In the 7^th paragraph, the statement, “10646-1 defines three distinct levels of implementation in which either none (level 1), or some (level 2), or all (level 3) of the combining characters of the UCS are permitted to be encoded,” is wrong. The combining characters of the UCS are encoded. What the levels represent are constraints on the use of certain sets of combining characters in data that purports to be conformant at that level.

In the last paragraph, the statement, “It is the general intention of the UCS that for most purposes it will not be necessary to use a level 3 implementation but that the choice between levels 1 and 2 will depend on the character collections to be used,” is also wrong. The UCS does not have intentions. It was the intent of certain of the drafters of the text of 10646 that the mechanism of levels would make it easier to specify implementation levels that did not require the use of combining marks, since they considered combining marks complicated and a barrier to implementation. However, if one looks at actual claims of conformance to 10646, the overwhelmingly significant fact is that the Unicode Standard claims conformance to 10646 with implementation level 3, and nearly all implementations claim conformance to the Unicode Standard. This has not been a barrier to implementations, in practice.

Section 6.2 Naming guidelines of the UCS

The entire section regarding naming problems (LATIN CAPITAL LETTER AE, MUSIC NOTE versus EIGHTH NOTE, LATIN SMALL LETTER G WITH CEDILLA, etc.) is an argumentative rehashing of what ought to be dead issues of no great import. Continuing these arguments serves little purpose. But if the arguments have to be continued, then the claim (regarding the change from LIGATURE AE --> LETTER AE) that “the Technical Corrigendum changed the characters allocated to the six code positions affected, it did not rename six characters,” is just utter baloney.

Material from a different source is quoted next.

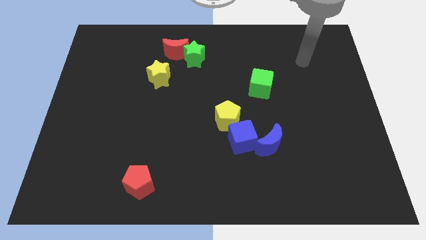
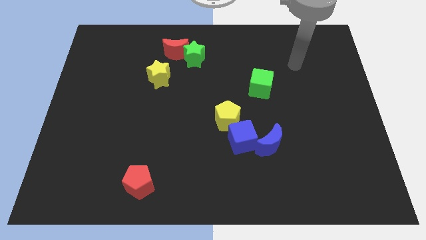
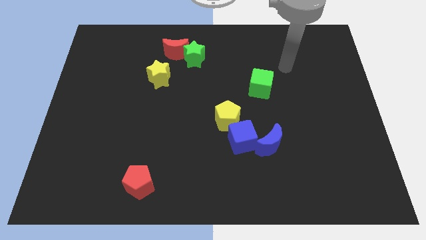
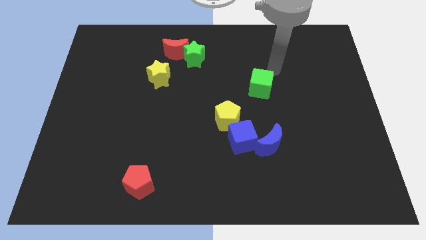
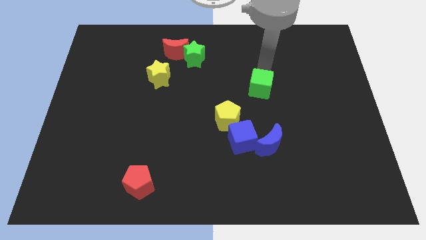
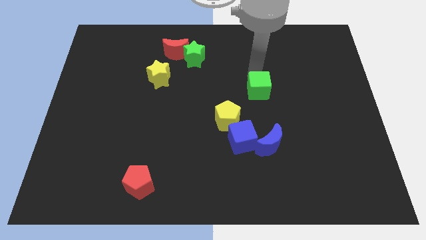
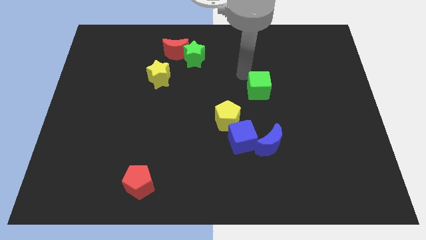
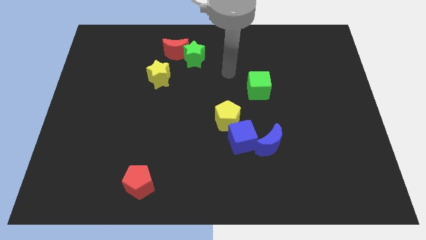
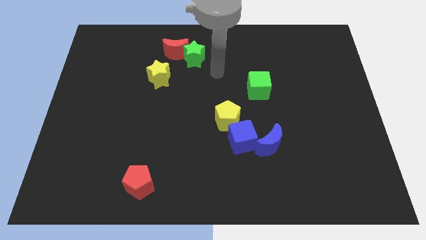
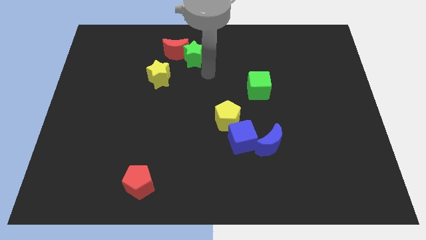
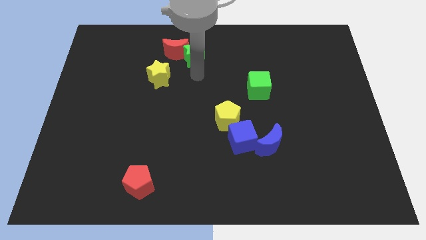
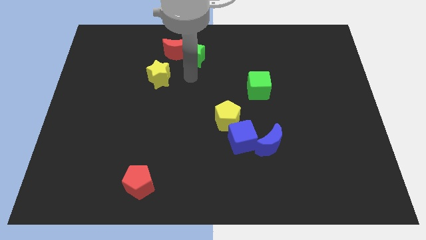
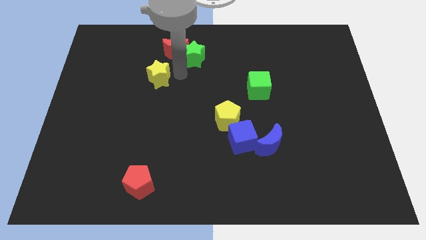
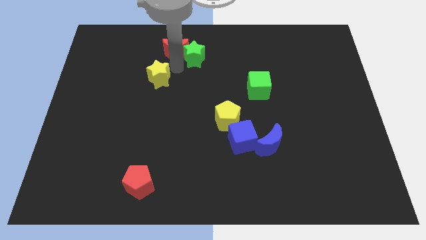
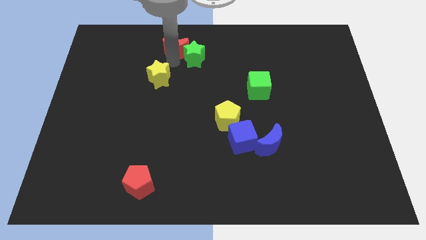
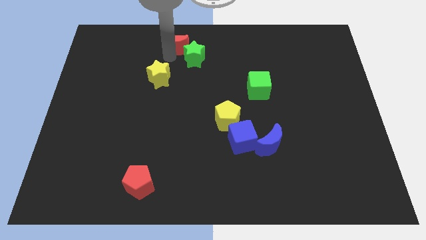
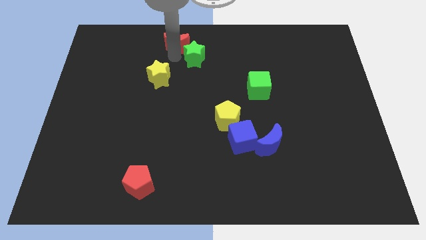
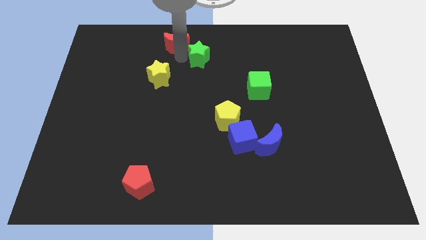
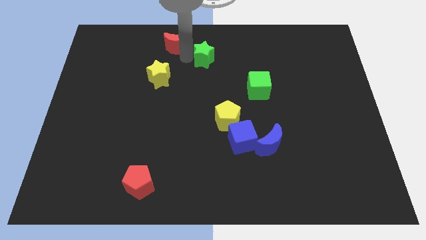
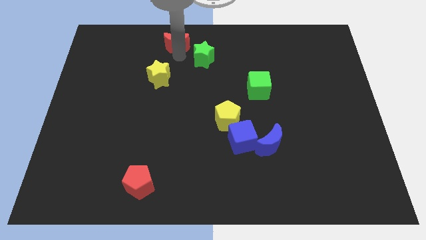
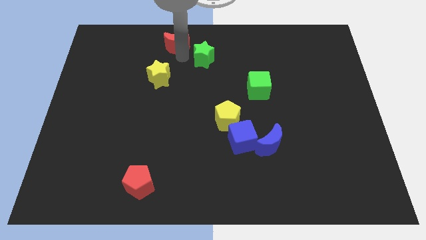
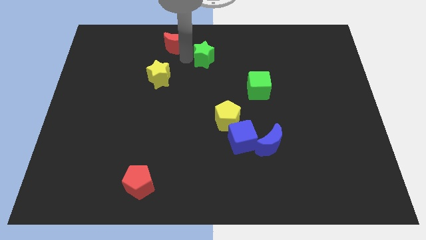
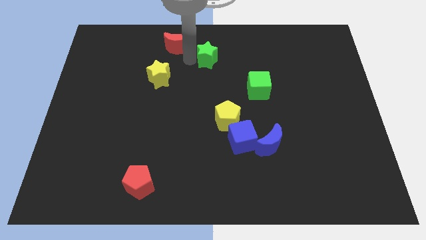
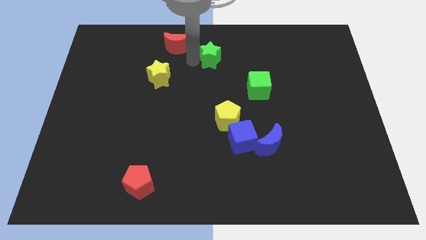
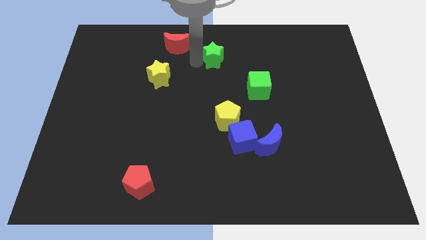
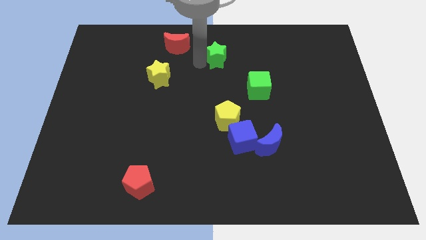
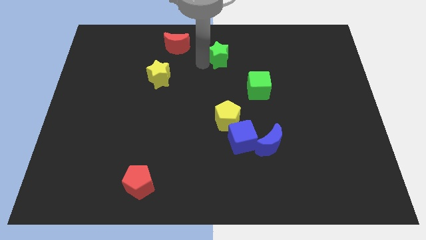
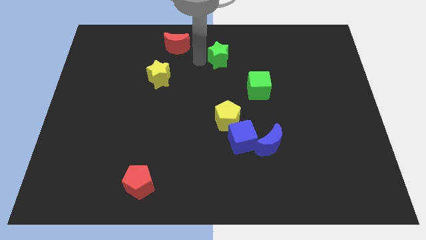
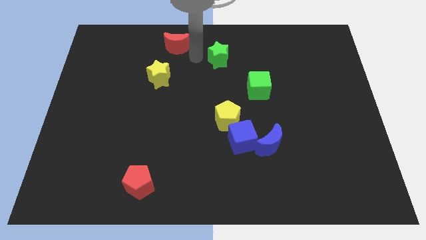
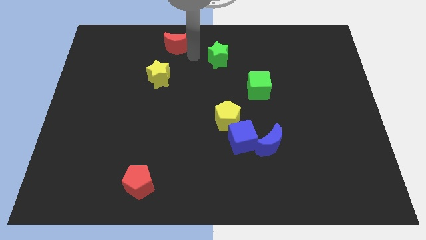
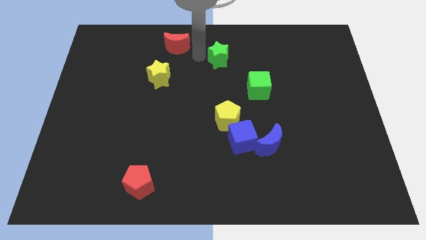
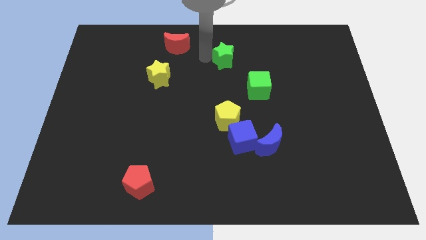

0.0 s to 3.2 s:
move the green star slightly to the right

No one in the implementing industry treated this as a change in encoded characters. No mappings changed, no properties changed, no implementations changed—only the names changed in a few central databases.

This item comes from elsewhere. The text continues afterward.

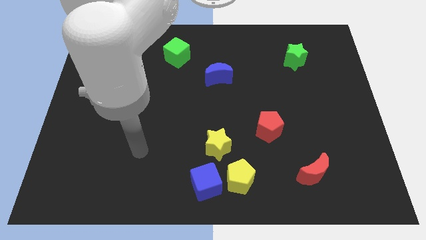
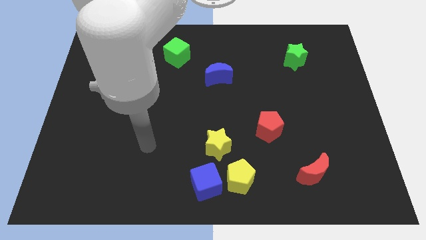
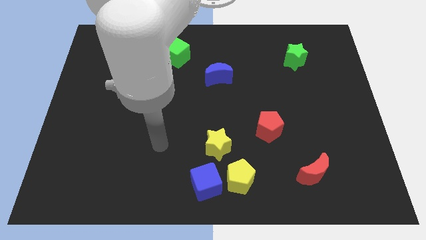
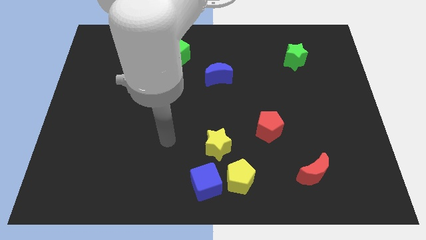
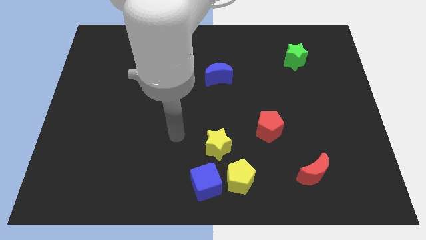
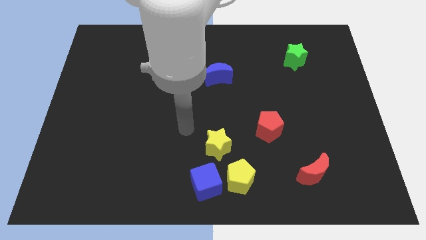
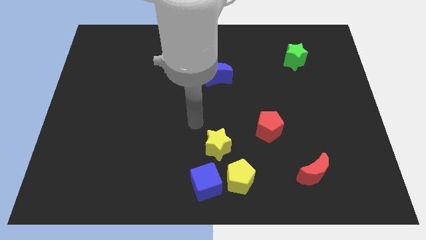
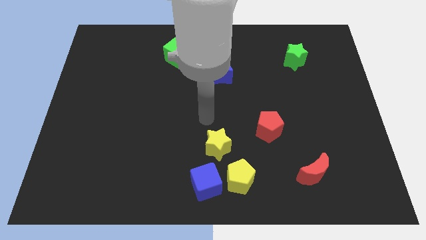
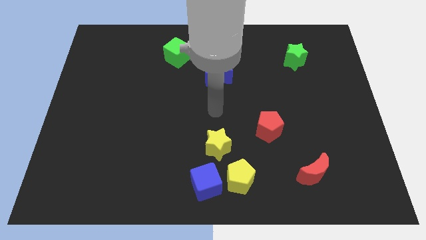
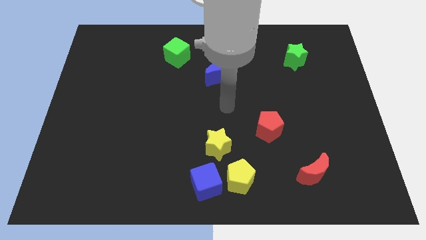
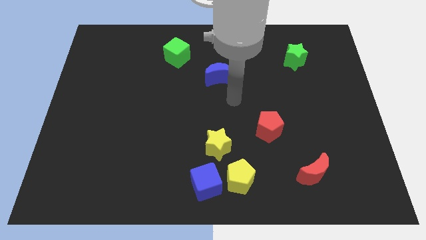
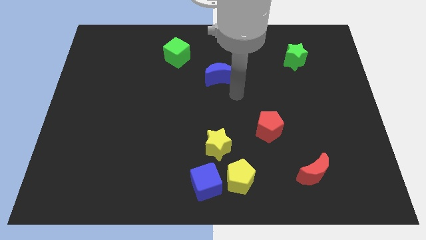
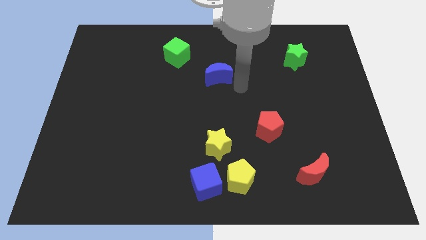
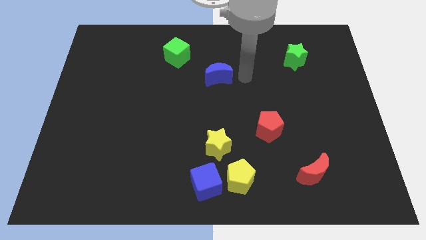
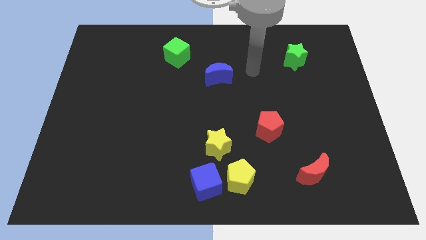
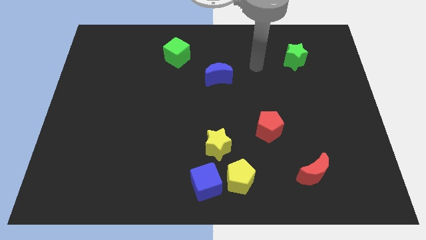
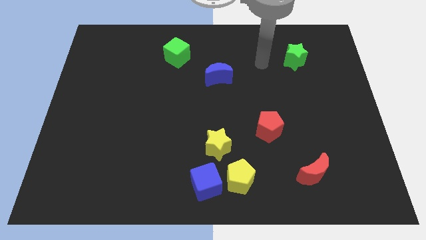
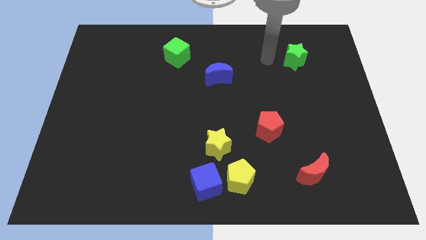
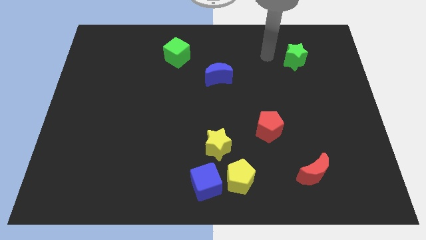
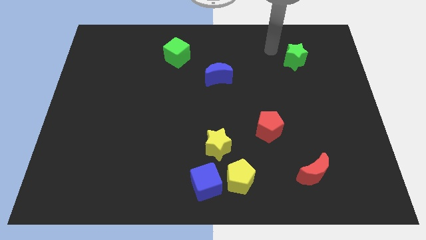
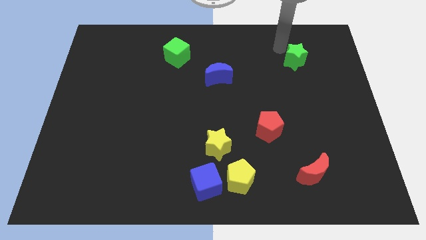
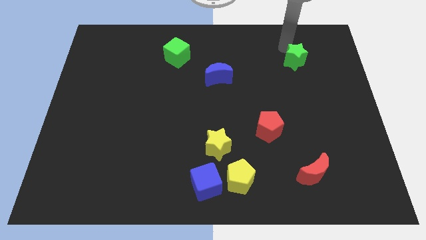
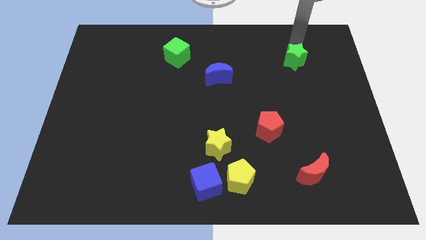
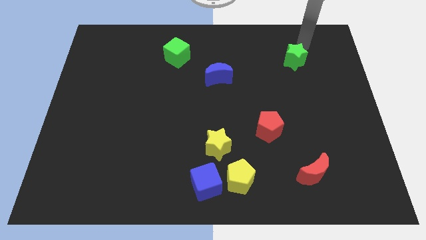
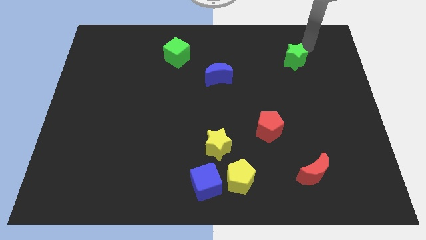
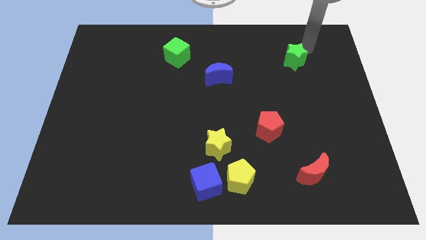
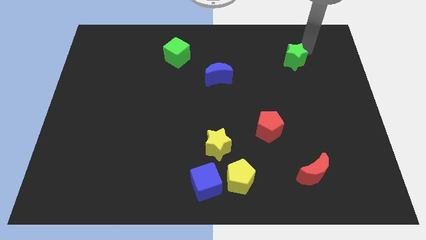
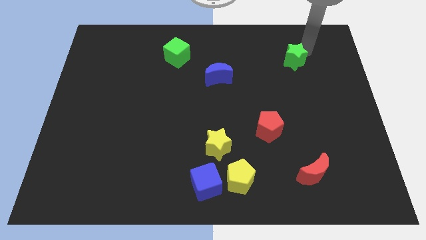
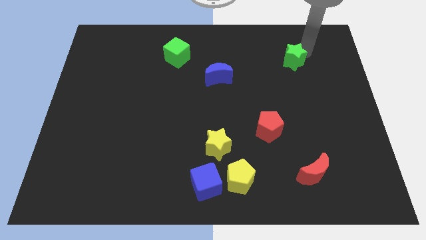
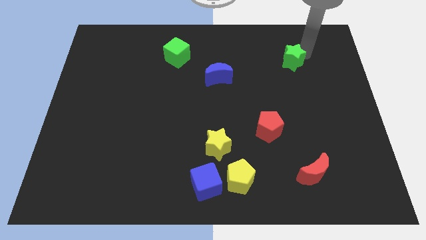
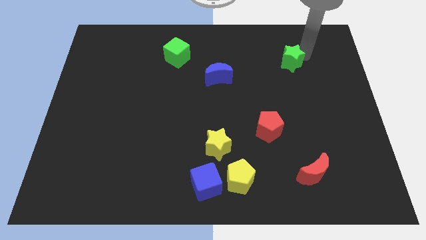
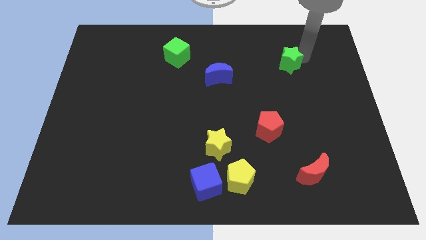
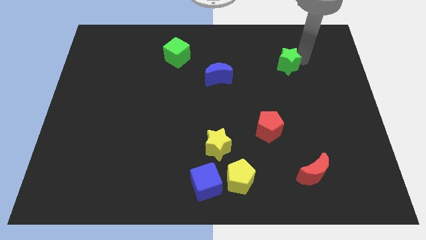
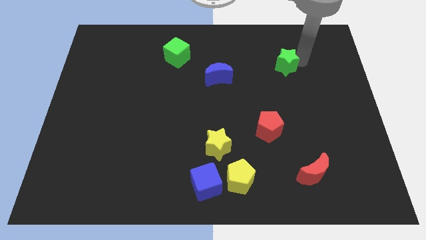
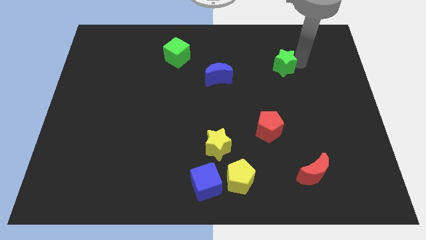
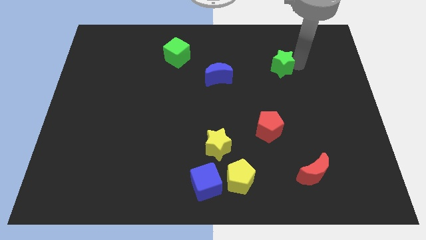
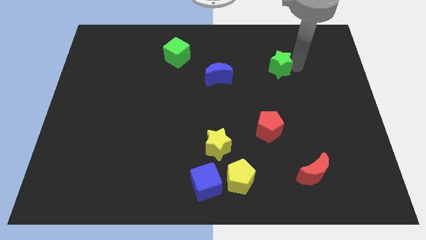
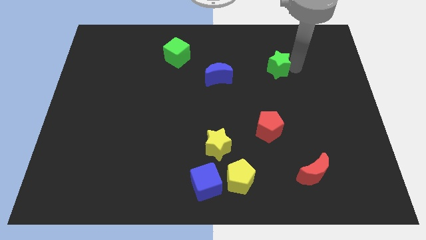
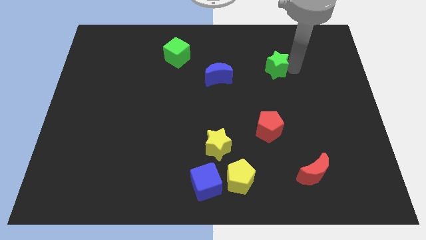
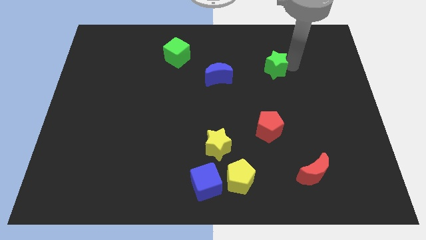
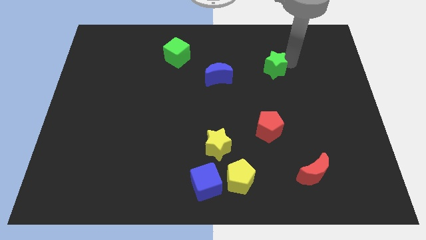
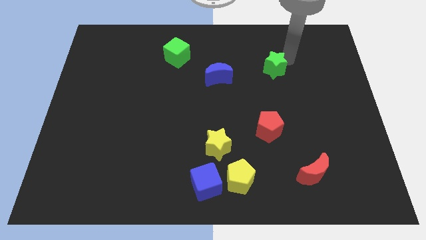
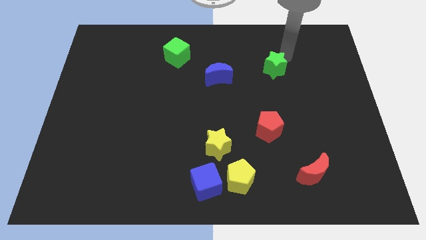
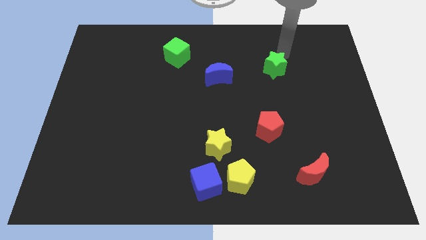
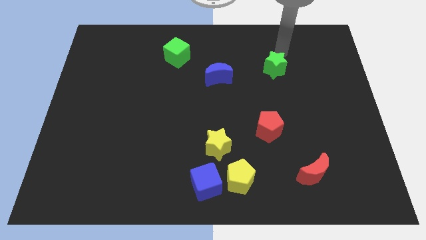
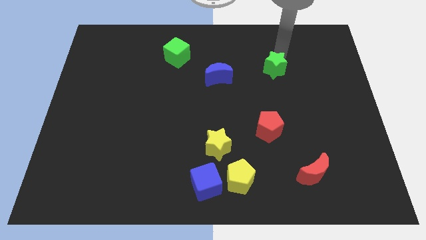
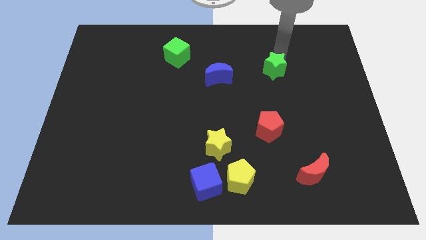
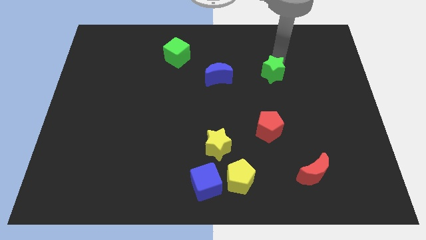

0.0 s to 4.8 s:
push the green star down and left somewhat

Section 7.2 Collections and subsets

In the 7^th paragraph, the statement that “it is much more concise to list collections rather than individual characters,” should be balanced by the caution that many of the collections listed in Annex A of 10646-1 are not coherent collections for actual implementations. For most implementations of scripts, a more precise control over the list of supported characters is needed in order to provide the end-users with the range of textual behavior they demand.

Section 8.4 UTF-16

In the second paragraph, the claim that “UTF-16 has been designed to avoid this halving of capacity,” is rewriting history somewhat. UTF-16 was designed as a code extension mechanism for 16-bit implementations of 10646. If halving the data transfer rate through a communication link or for storage were the main issue, that could have been addressed easily with compression mechanisms, rather than new encoding forms. The real issue was the cost of changing the width of the character datatype for existing API’s and implementations.